July Wheat - 1 to 2 Higher

July Corn - Steady to 1 Lower

July Beans - Steady

There is an old congestion area (range of back and forth trading) on the December Corn chart from December of 2021. It appears that Dec Corn currently needed to trade into this range to fulfill some sort of supply/demand balance/symmetry.

You will see on the chart that this range runs roughly from 500 to 515. Today's low was 503.25, which was a new low for the move, and then the bulls ran price up to 515.75.

Even though today was not really a key reversal, Dec Corn closed above Friday's body, which is bullish. This could be the low for the December contract (70%) or it may make 1 more low (by only a few cents or ticks).

Check out today's December corn daily charts looking back to the dates in December of 2021. I'm giving you a zoomed in chart as well, so you can see the last few days clearly.

Here is the zoomed in December Corn chart.

Wheat led all grains today, with the July contract closing up +27.50. After building out more of the right shoulder on Friday, the inverted head and shoulders is confirmed today (90%) and the neckline (breakout point) is just about 14 cents up above.

The upside target will be about 733. I have been told that even though the bigger fundamental story may be in Kansas City Wheat, the funds play in Chicago because this one has more liquidity. The 2 wheats will go up together, seesawing a bit depending on the day.

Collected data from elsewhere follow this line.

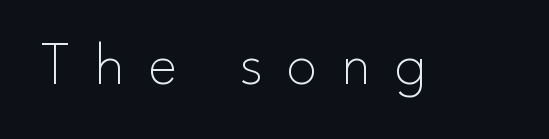
The image shows 61 px thin sans-serif type, upright; set unusually wide letter spacing (+0.4 em), not underlined; low stroke contrast and a small x-height.
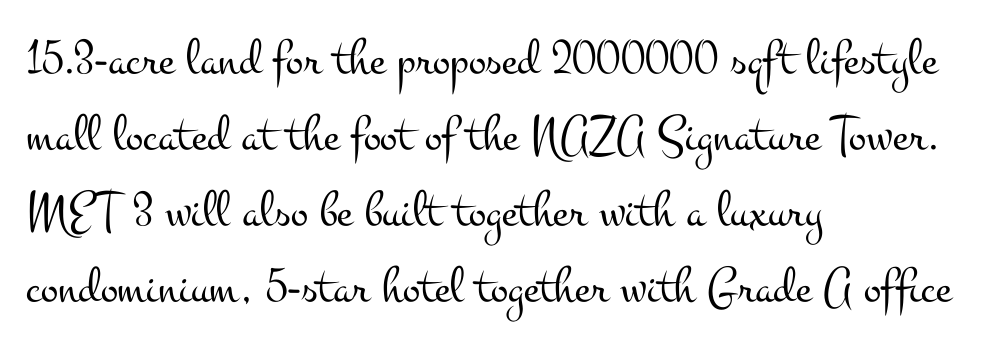
Q: Is the text bold? A: No.
Q: Is the text italic (slanted)? A: Yes.
Q: Is the typeface a serif or a sans-serif typeface? A: Serif.
Q: Is the text underlined? A: No.
Q: How is the paragraph aligned? A: Left-aligned.
Q: Is the spacing between letters normal or unusually wide? A: Normal.
Q: Is the spacing between lines tight, normal or loose? A: Normal.
Q: Width (condensed, normal, or wide)? A: Wide.
Q: Stroke contrast? A: Medium.
Q: x-height? A: Small.
Q: Monospaced? A: No.
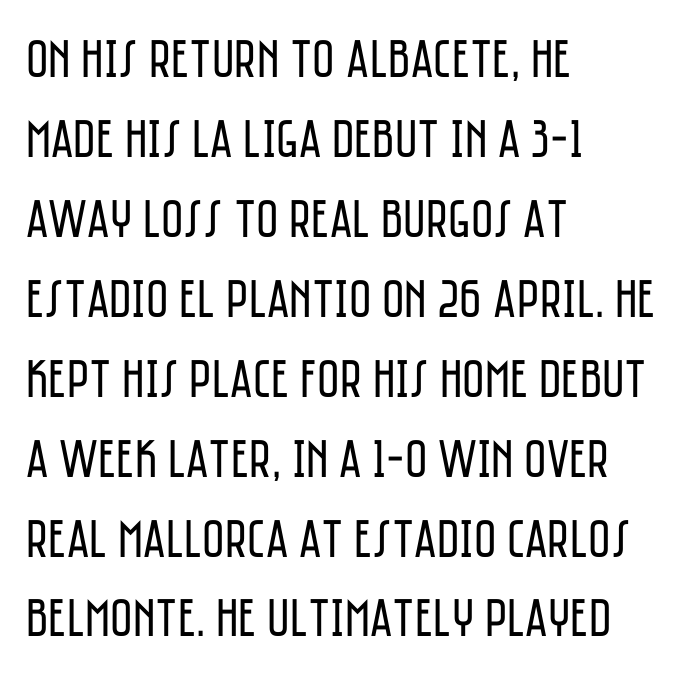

Here is today's December Wheat 8 hour (3 bars per day) chart. You will notice how the inverted head & shoulders target is also in the vicinity of some old swing highs on the left. This is not a coincidence, rather it's a part of the balancing/symmetry that I discuss - this is how it works.

While the right shoulder was being built out, the percentage certainty that it was a solid bottom being marked might have only been 65-75%.

The 4 hour July Corn chart has morphed from an inverted head & shoulders to a double bottom or big W. The minimum upside target from this base is 631. Then the next target higher is the swing high to the left at 647. I don't think any new lows need to be printed (about 80%). Check out the chart.

By the way, head & shoulders and "W" bottoms give the same price targets. The main point here is that the height (y-axis/price scale) is the same in both patterns and the other takeaway is that they are simply bottoming formations for a rally to spring.

The 2 hour July Soybeans are marking a "W" formation, as well, which has a height of 58 cents and projects to 1505. There is a swing high to the top left near the target at 1500 - by design - A bump that will create a future bump.

July Beans may need to make 1 lower low to test the March 23rd low at 1383.75? This is 50/50, but the result will be the same - a bottoming formation which projects an upside price target. Check out the chart.

I am using July Soymeal for a technical analysis fact - that bumps/highs to the left create bumps to the right. Compare the most recent swing high (9 bars ago) with today's corrective bar.